===== Provided information =====

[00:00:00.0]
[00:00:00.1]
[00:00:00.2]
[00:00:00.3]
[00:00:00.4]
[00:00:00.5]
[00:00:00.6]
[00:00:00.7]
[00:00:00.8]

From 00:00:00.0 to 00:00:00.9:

=====
===== Provided information =====

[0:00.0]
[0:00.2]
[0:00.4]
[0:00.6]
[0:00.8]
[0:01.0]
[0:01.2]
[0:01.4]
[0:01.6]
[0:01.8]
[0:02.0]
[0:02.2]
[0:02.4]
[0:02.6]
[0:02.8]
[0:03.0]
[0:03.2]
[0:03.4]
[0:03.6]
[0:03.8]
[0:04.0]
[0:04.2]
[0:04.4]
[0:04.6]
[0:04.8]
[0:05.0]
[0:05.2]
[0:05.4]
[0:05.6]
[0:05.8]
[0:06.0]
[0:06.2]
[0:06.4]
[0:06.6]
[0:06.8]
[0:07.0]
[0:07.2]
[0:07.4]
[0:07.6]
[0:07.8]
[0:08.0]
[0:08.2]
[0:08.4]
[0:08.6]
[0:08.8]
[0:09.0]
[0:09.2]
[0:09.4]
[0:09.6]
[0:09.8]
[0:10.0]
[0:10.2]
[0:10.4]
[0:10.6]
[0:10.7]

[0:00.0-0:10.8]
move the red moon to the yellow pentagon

=====

◆ Work task ◆
The range runs from the line above containing "[00:00:00.0]" to the line containing "From 00:00:00.0 to", inclusive. Restate those lines word for word and no others.

◆ Answer section ◆
[00:00:00.0]
[00:00:00.1]
[00:00:00.2]
[00:00:00.3]
[00:00:00.4]
[00:00:00.5]
[00:00:00.6]
[00:00:00.7]
[00:00:00.8]

From 00:00:00.0 to 00:00:00.9:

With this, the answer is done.